In some implementations, the judgement unit is configured to: determine, based on the first query statement, whether an inclusion relationship determining condition is satisfied, the inclusion relationship determining condition being determined based on a data table composition manner; in response to determining that the inclusion relationship determining condition is satisfied and there is a foreign key constraint relationship between the first join column and the second join column or the inner join operation is a self join operation, determine that there is the inclusion relationship; and determine, based on a specified predicate operator included in the first query statement in addition to an inner join clause, whether the data pushdown condition is satisfied, the inner join clause being a clause to be used for the inner join operation in the first query statement.

In some implementations, the judgement unit is configured to: in response to determining, based on the first query statement, that both the first data table and the second data table are base tables, determine that the inclusion relationship determining condition is satisfied; and in response to determining, based on the first query statement, that there is a derived table in one or more of the first data table or the second data table, determine, based on a subquery statement corresponding to the derived table, whether the inclusion relationship determining condition is satisfied, the derived table being a virtual table formed based on a subquery statement in the first query statement.

In some implementations, the judgement unit is configured to: in response to determining that the subquery statement includes a specified join operator, determine that the inclusion relationship determining condition is not satisfied; in response to determining that the subquery statement includes an aggregation operator for a join column operation and does not include an extremum operator for an output operation of the aggregation operator, determine that the inclusion relationship determining condition is not satisfied; in response to determining that the subquery statement includes a specified filter operator and a filter range of the specified filter operator does not satisfy a specified filter condition, determine that the inclusion relationship determining condition is not satisfied; in response to determining that the subquery statement includes none of the specified join operator, the aggregation operator, and the specified filter operator, determine that the inclusion relationship determining condition is satisfied; in response to determining that the subquery statement includes the aggregation operator and the extremum operator and includes neither of the specified join operator and the specified filter operator, determine that the inclusion relationship determining condition is satisfied; or in response to determining that the subquery statement includes the aggregation operator, the extremum operator, and the specified filter operator and does not include the specified join operator, and the specified filter condition is satisfied, determine that the inclusion relationship determining condition is satisfied.

In some implementations, the judgement unit is configured to: separately determine filter ranges of the first data table and the second data table based on the specified filter operator; and in response to that there is no coverage relationship between the filter ranges respectively corresponding to the first data table and the second data table, determine that the specified filter condition is not satisfied.

In some implementations, the judgement unit is configured to: in response to determining that the first query statement does not include the specified predicate operator, determine that the data pushdown condition is satisfied, or in response to determining that the first query statement includes the specified predicate operator, determine that the data pushdown condition is not satisfied; or in response to determining that the first query statement further includes the specified predicate operator and an associated data table of the specified predicate operator is consistent with a data table to which an included join column belongs, determine that the data pushdown condition is satisfied, or in response to determining that the first query statement does not include the specified predicate operator or the associated data table of the specified predicate operator is inconsistent with the data table to which the included join column belongs, determine that the data pushdown condition is not satisfied, the associated data table being a data table operated by the specified predicate operator.

In some implementations, the update unit is configured to: use a data table, to which an included join column belongs, as a target data table based on the inclusion relationship; generate, based on the limit clause in the first query statement, a target clause to be used to perform data limitation on the target data table; generate a conditional clause to be used to restrain that a join column of the target data table is not null; and combine the first query statement, the target clause, and the conditional clause to obtain the second query statement.

An implementation of the present application provides an electronic device, including: a processor; and a memory, storing computer instructions.

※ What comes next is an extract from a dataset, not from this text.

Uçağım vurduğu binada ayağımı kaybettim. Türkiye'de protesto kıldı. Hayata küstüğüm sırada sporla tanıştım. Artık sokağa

The computer instructions are used to enable the processor to perform the steps of the method provided in any one of the above optional implementations of data query.

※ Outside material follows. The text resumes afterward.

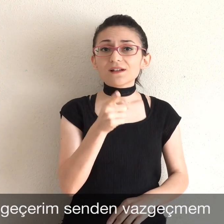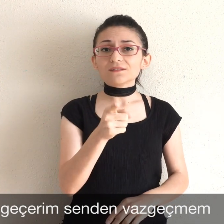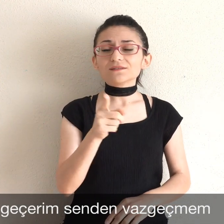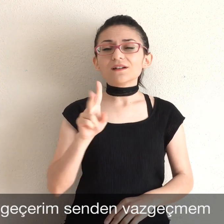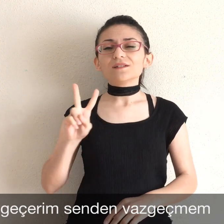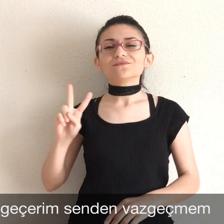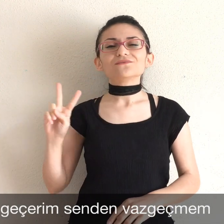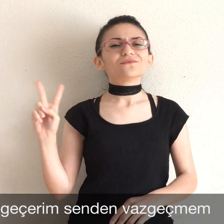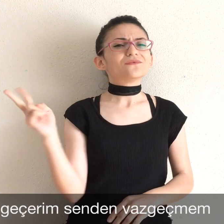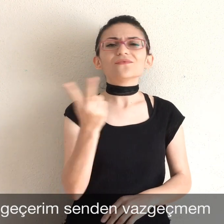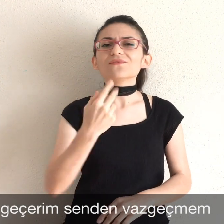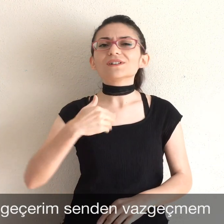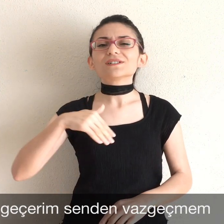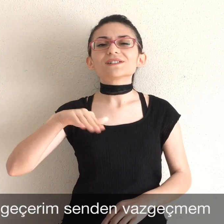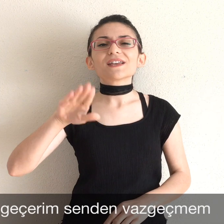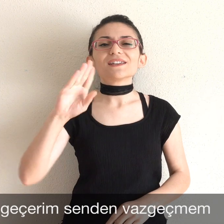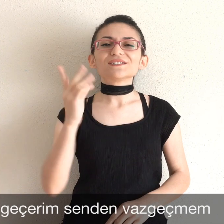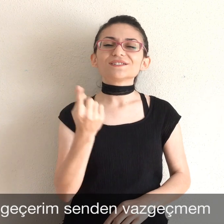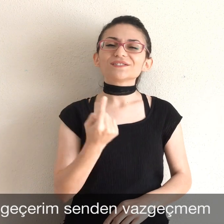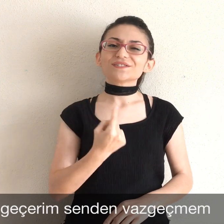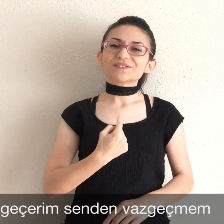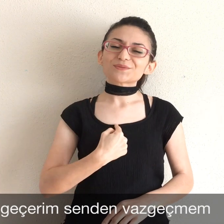senden vazgeçmem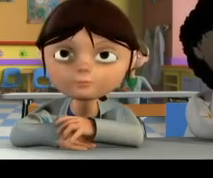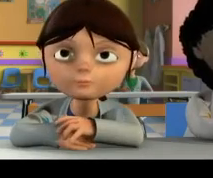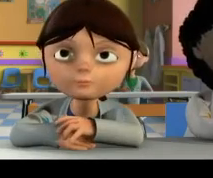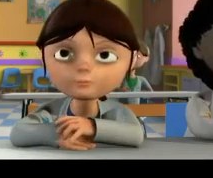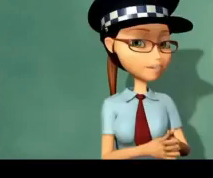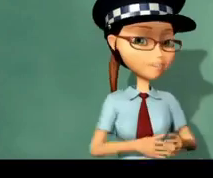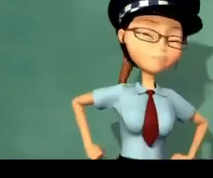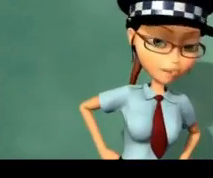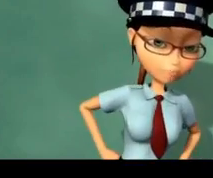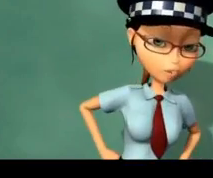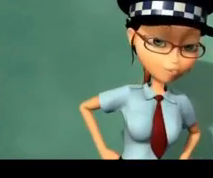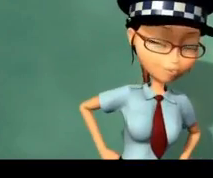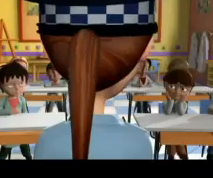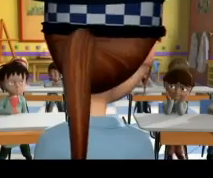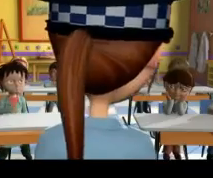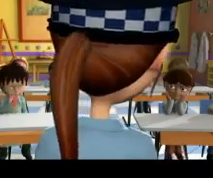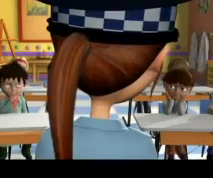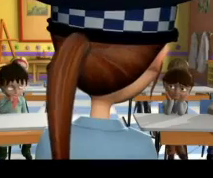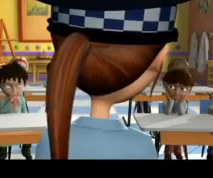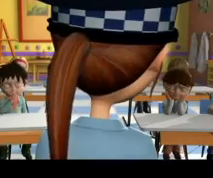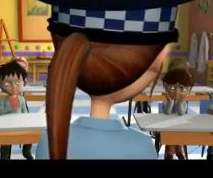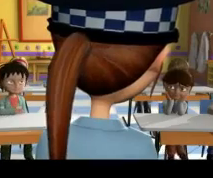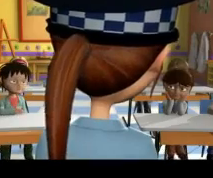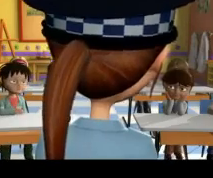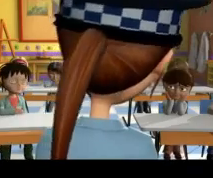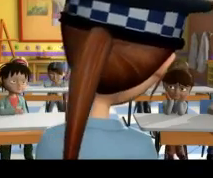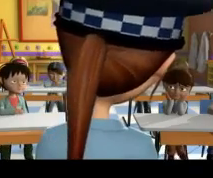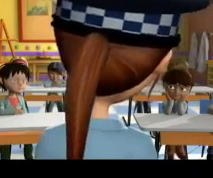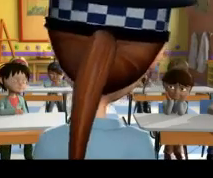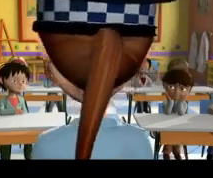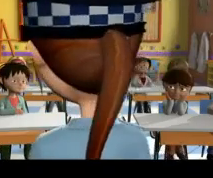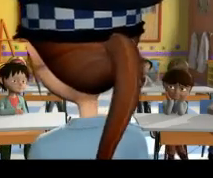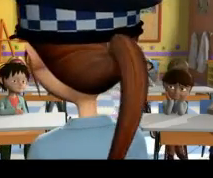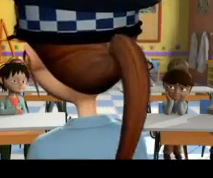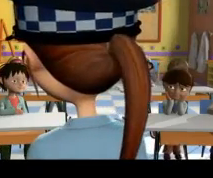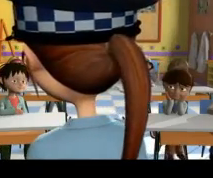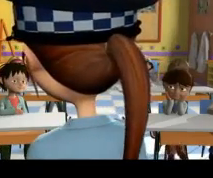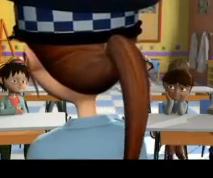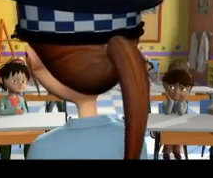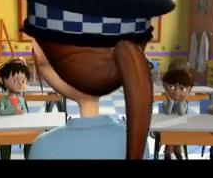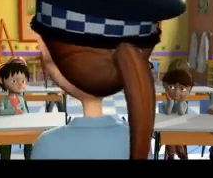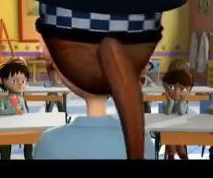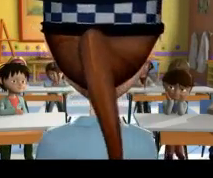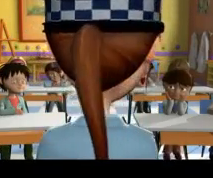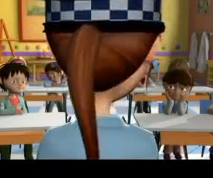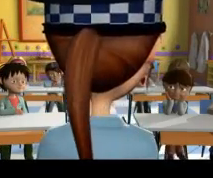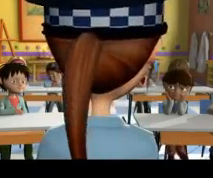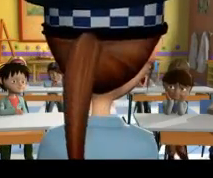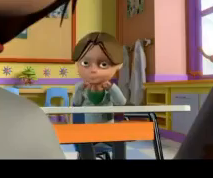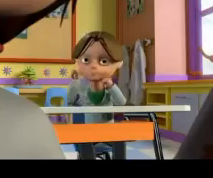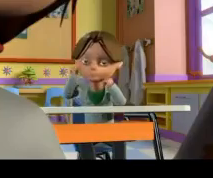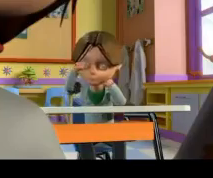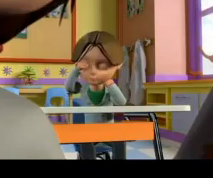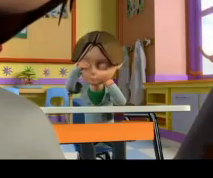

An implementation of the present application provides a storage medium, storing computer instructions. The computer instructions are used to enable a computer to perform the steps of the method provided in any one of the above optional implementations of data query.

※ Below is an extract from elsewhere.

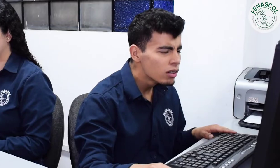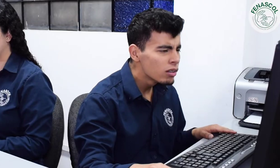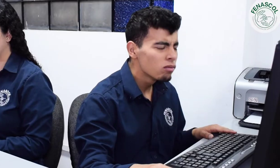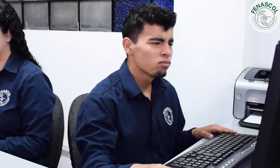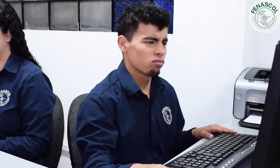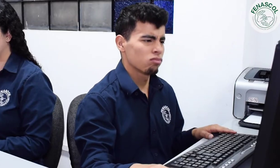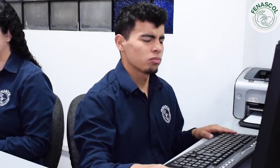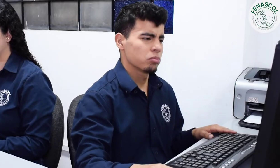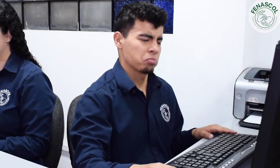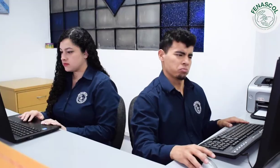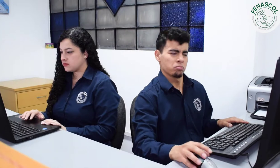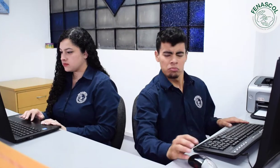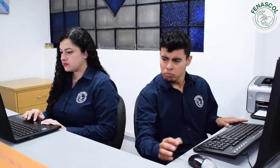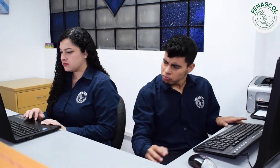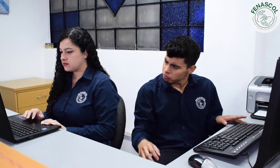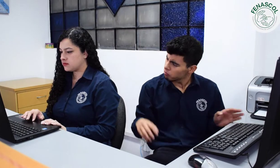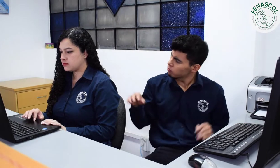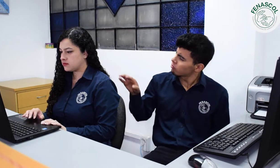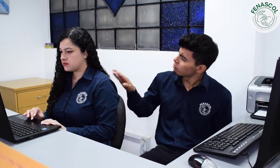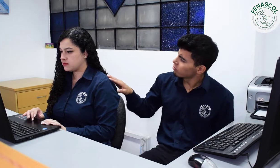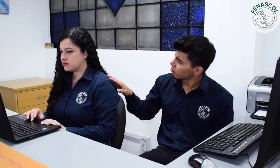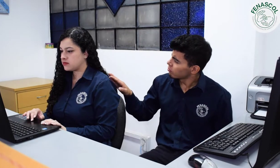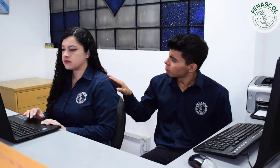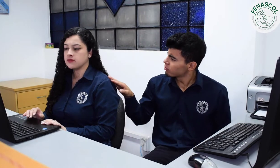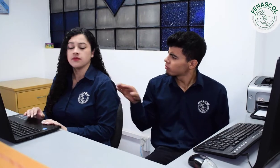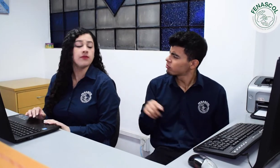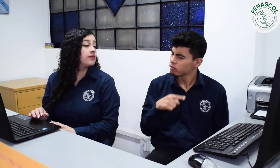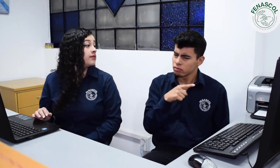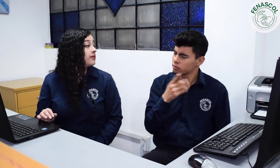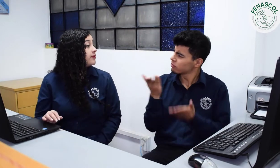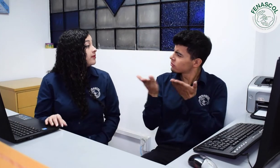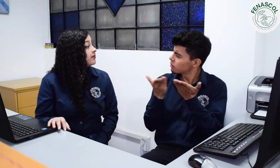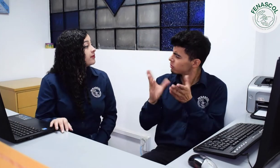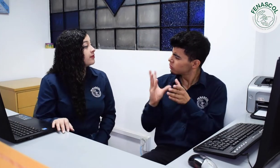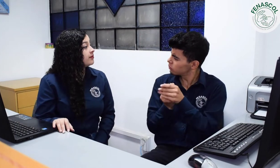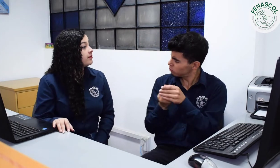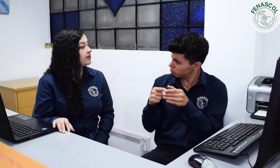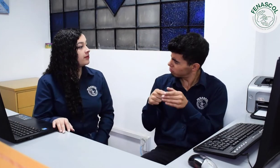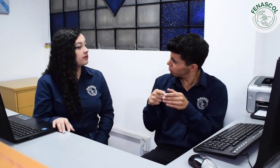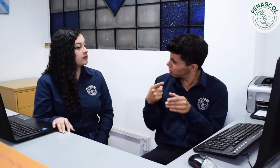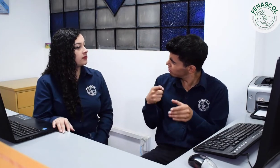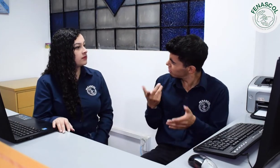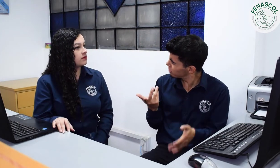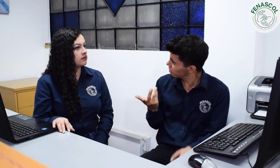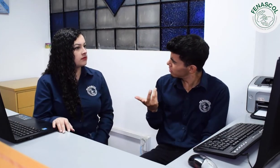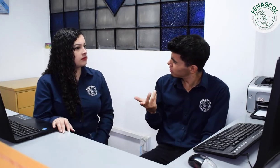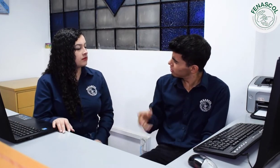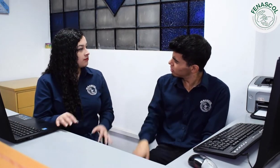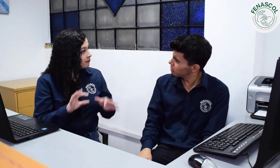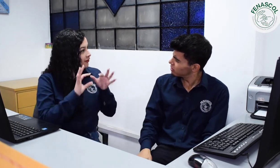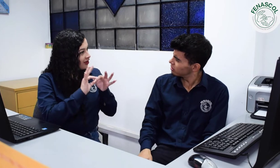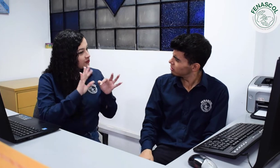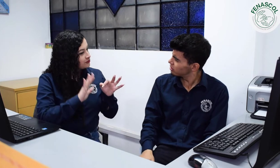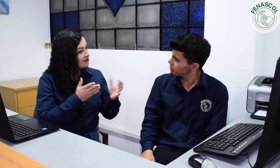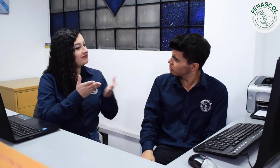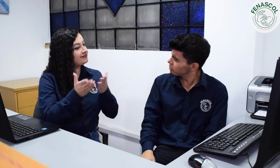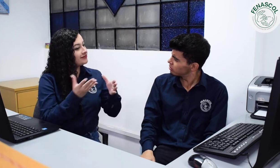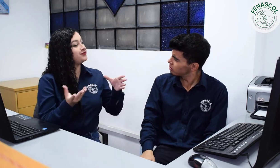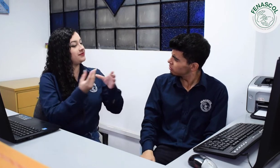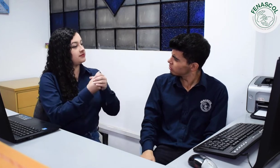¿Qué son servicios incluyentes? Fenascol ofrece servicios que

In the data query method and apparatus, the electronic device, and the storage medium that are provided in the implementations of the present application, a first query statement to be queried is obtained, the first query statement being a statement to be used to perform inner join on two data tables and then perform data limitation based on a limit clause; a first data table and a second data table to be used for an inner join operation, a first join column to be used for the inner join operation in the first data table, and a second join column to be used for the inner join operation in the second data table are determined based on the first query statement; whether the first join column and the second join column satisfy a data pushdown condition is determined based on the first query statement, the data pushdown condition being determined based on whether there is an inclusion relationship between a domain of the first join column and a domain of the second join column; the first query statement is updated in response to determining that the data pushdown condition is satisfied, to obtain a second query statement, the second query statement to be used to perform data limitation and then perform an inner join operation on the data tables; and data query is performed on the first data table and the second data table based on the second query statement, to obtain a data query result. As such, when the data pushdown condition is satisfied, a data table can be first filtered, and then an inner join operation is performed, thereby reducing a data processing amount and improving data query performance.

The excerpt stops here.